私は素数定理に興味があり、実際に成り立つのか確かめてみたいと思いこの題材を選んだ。
素数定理とは\(π(x)\)を\(x\)以下の素数の数として
\[π(x)~x/log(x)\] と近似できることである。 \[π(x)~ \int_2^x dt/log(t) \] とするとより正確に近似出来ることも知られている。
近似を確認するためにまず必要な関数を作成する。
n以下の素数を数える関数を作るため、数xを与えたときにその数が素数か判定する関数is.primeを次のように作成した。
#xが素数か判定
is.prime <- function(x){
# xが整数ではない場合
if (x != as.integer(x)) return("xが整数でなければならない")
# x<2の場合
if (x < 2){
return("x≧2でなければならない")
}
# xが2または3
else if (x == 2 || x == 3) {
return(TRUE)
#それ以外
} else {
for (i in 2:(x-1) ){
if ((x %% i) == 0) {
return(FALSE)
}
}
return(TRUE)
}
}
次に上の関数is.primeを使いn以下の素数を全て表示る関数get.primeを作成した。
#n以下の素数を表示
get.prime <- function(n){
#n<2の場合
if (n< 2) return("n以下の素数は無い")
else {
vec <- NULL
for (i in 2:n){
if(is.prime(i) == TRUE) vec <- append(vec,i)
}
return(vec)
}
}
例えば100以下の素数を表示すると
get.prime(100)
## [1] 2 3 5 7 11 13 17 19 23 29 31 37 41 43 47 53 59 61 67 71 73 79 83
## [24] 89 97
となる。そして表示された素数を数える関数count.primeを作成した。
#n以下の素数の個数
count.prime <- function(n){
#またはn<2の場合
if (n < 2) return(0)
else {
vec <- NULL
for (i in 2:n){
if(is.prime(i) == TRUE) vec <- append(vec,i)
}
return(length(vec))
}
}
使用してみると
count.prime(100)
## [1] 25
count.prime(1000)
## [1] 168
count.prime(10000)
## [1] 1229
と正しく素数の数が表示されていることが分かる。
n以下の素数を数える関数を作ることが出来たので、ここでは実際に近似を確かめてみようと思う。 まず、ここでは1~1000までの素数を数えることにする。
n <- 1000
x <- 1:n
y <- numeric(n)
for(i in x){
y[i] <- count.prime(i)
}
次に比較する2つの関数をf,gと定義する
f <- function(x) x/log(x)
library(gsl)
g <- function(x) {expint_Ei(log(x)) - expint_Ei(log(2))}
準備が出来たので、図にして近似を確かめる。 \(π(x)\),\(x/log(x)\),\(\int_2^x dt/log(t)\)をそれぞれ赤、緑、青で表すとする。

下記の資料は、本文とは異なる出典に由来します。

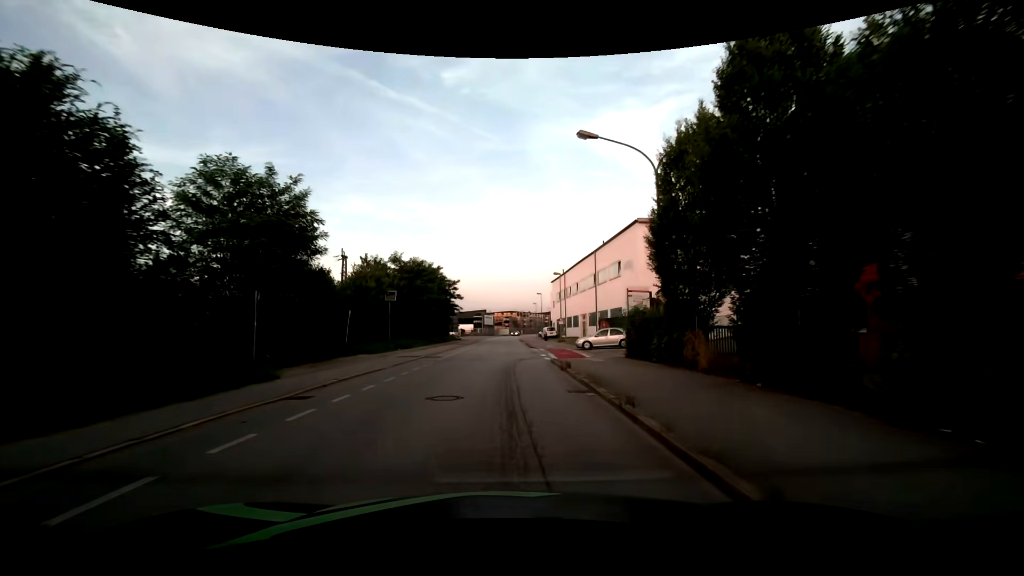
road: residential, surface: asphalt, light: Day
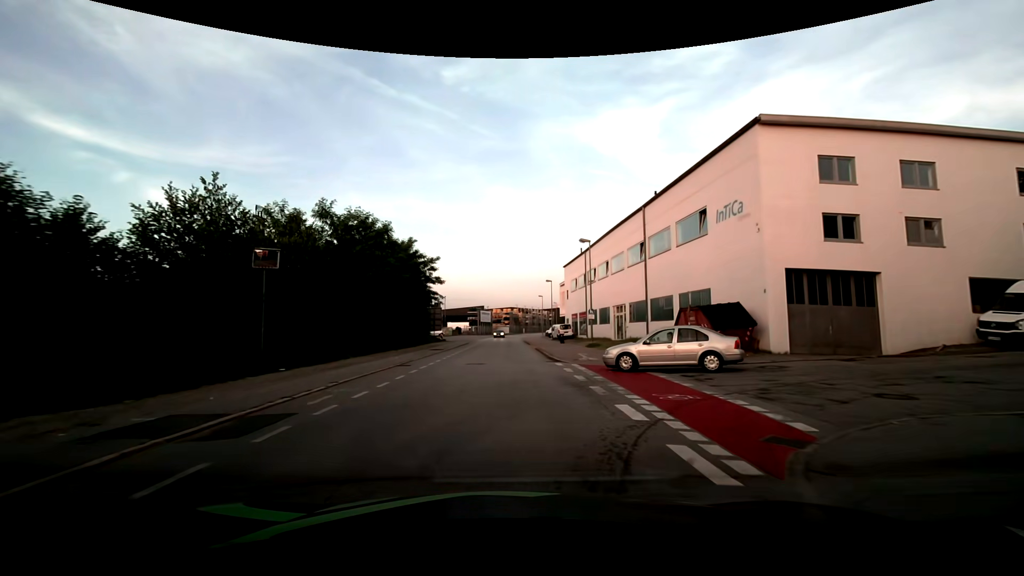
(0.0, +19.8) m; -1°
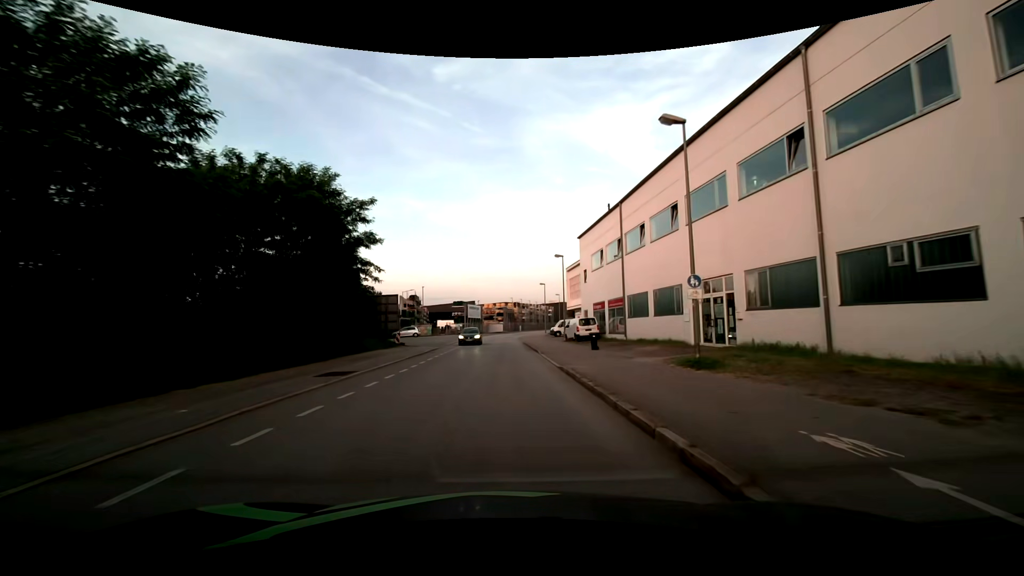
(+0.4, +20.5) m; +1°
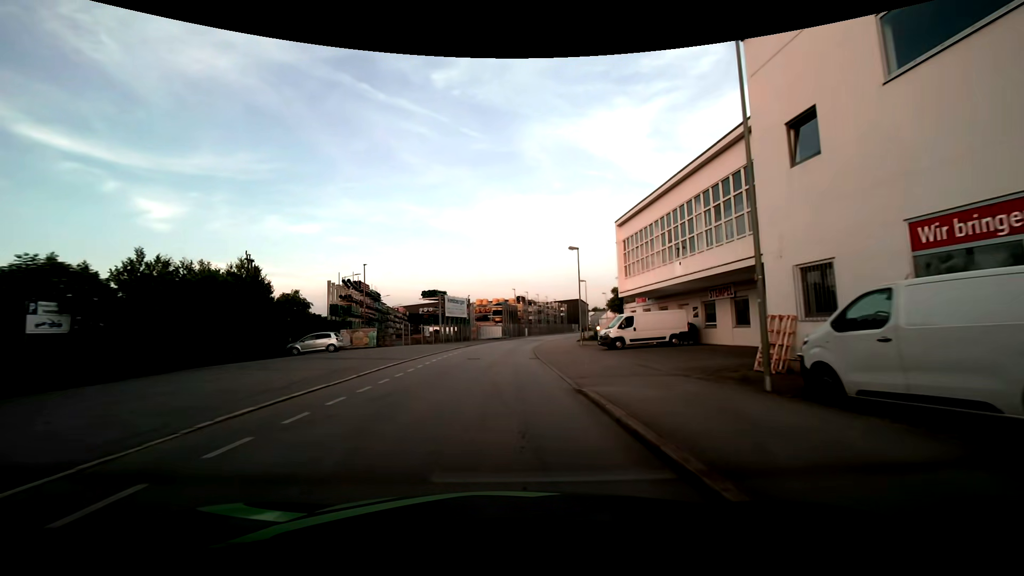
(0.0, +35.0) m; 0°
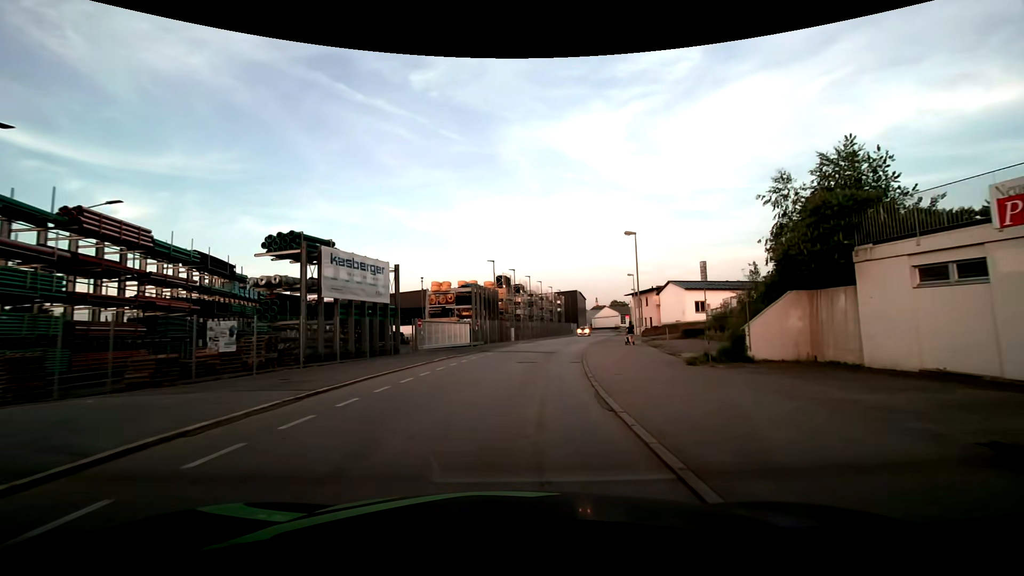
(0.0, +35.0) m; +2°
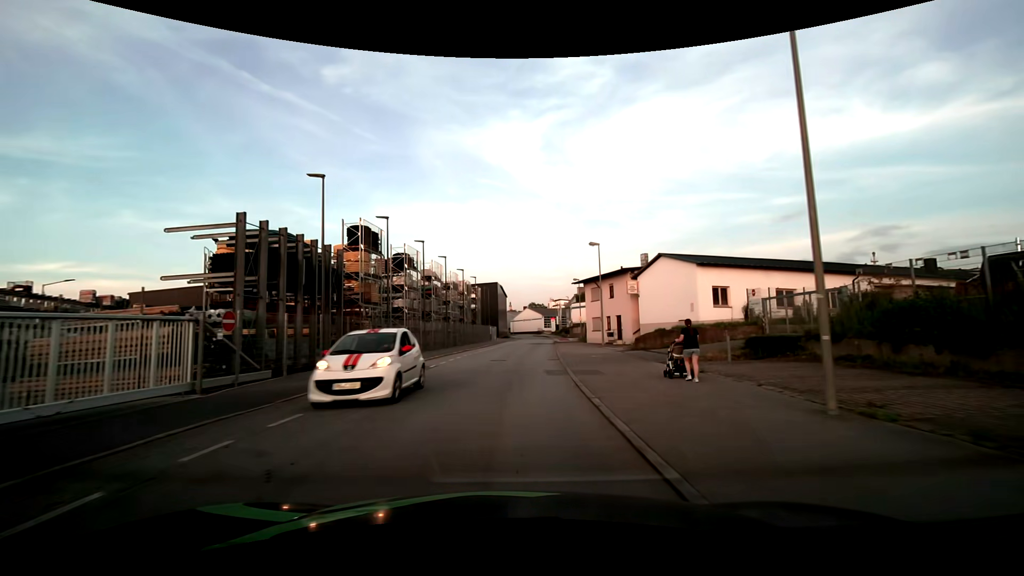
(+2.5, +27.2) m; +10°
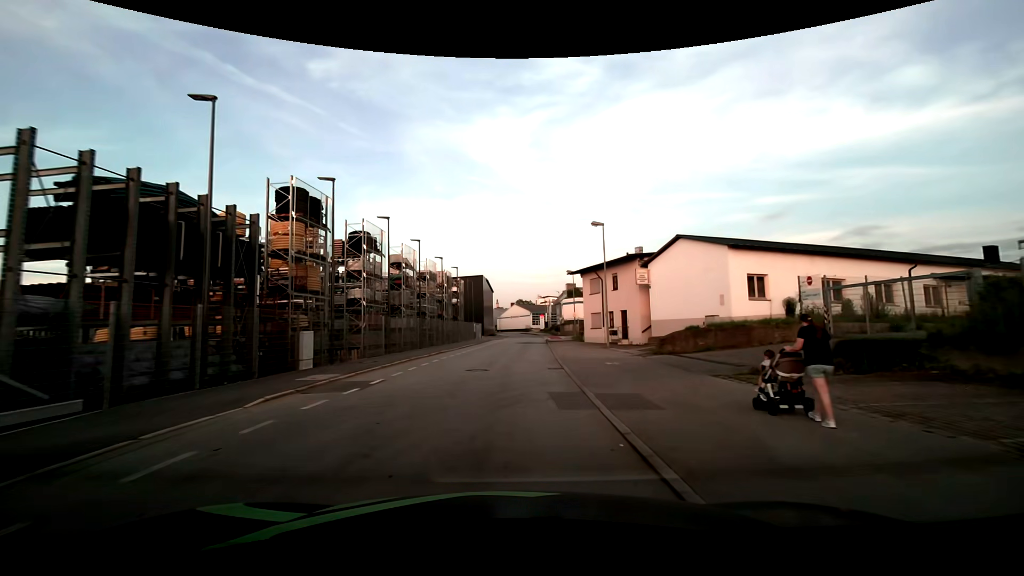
(+0.1, +6.7) m; +1°
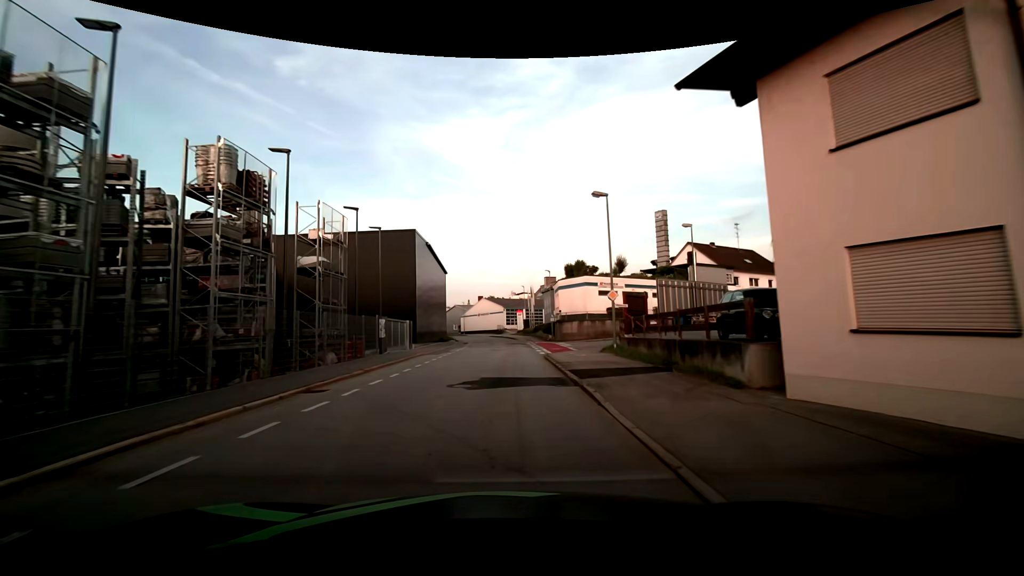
(+1.5, +34.5) m; +4°
(0, +10) (0, +20) (0, +30) (0, +40) (0, +50) (-1, +60) (-2, +70) (-3, +80) (-5, +90) (-8, +99) m

plot(x,y,xlim=c(0,1000),col=2 ,ylim=c(0,200),xlab="n", ylab="")
par(new=T)
plot(f(x),col=3, xlim=c(0,1000) ,ylim=c(0,200),ann=F)
par(new=T)
plot(g(x),col=4, xlim=c(0,1000) ,ylim=c(0,200),ann=F)
図を見ると近似されていることが確認することが出来た。
\(π(x)/f(x)\) と \(π(x)/g(x)\)についても確かめてみると
plot(x,y/f(x),col=2,xlim=c(0,1000),ylim=c(0,2),xlab="n", ylab="")
par(new=T)
plot(x,y/g(x),col=3,xlim=c(0,1000),ylim=c(0,2),ann=F)
やはり1に収束していくことが確認できた。
自ら素数を数える関数を作成し、π(x)が\(x/log(x)\)と\(\int_2^xdt/log(t)\)で近似出来ることを確認することが出来た。
図から\(\int_2^xdt/log(t)\)の方がより正確に近似出来ている事もわかった。
手作業では相当時間がかかることをRにより確かめることが出来て、素数定理が実際に成り立つことが確認できてよかった。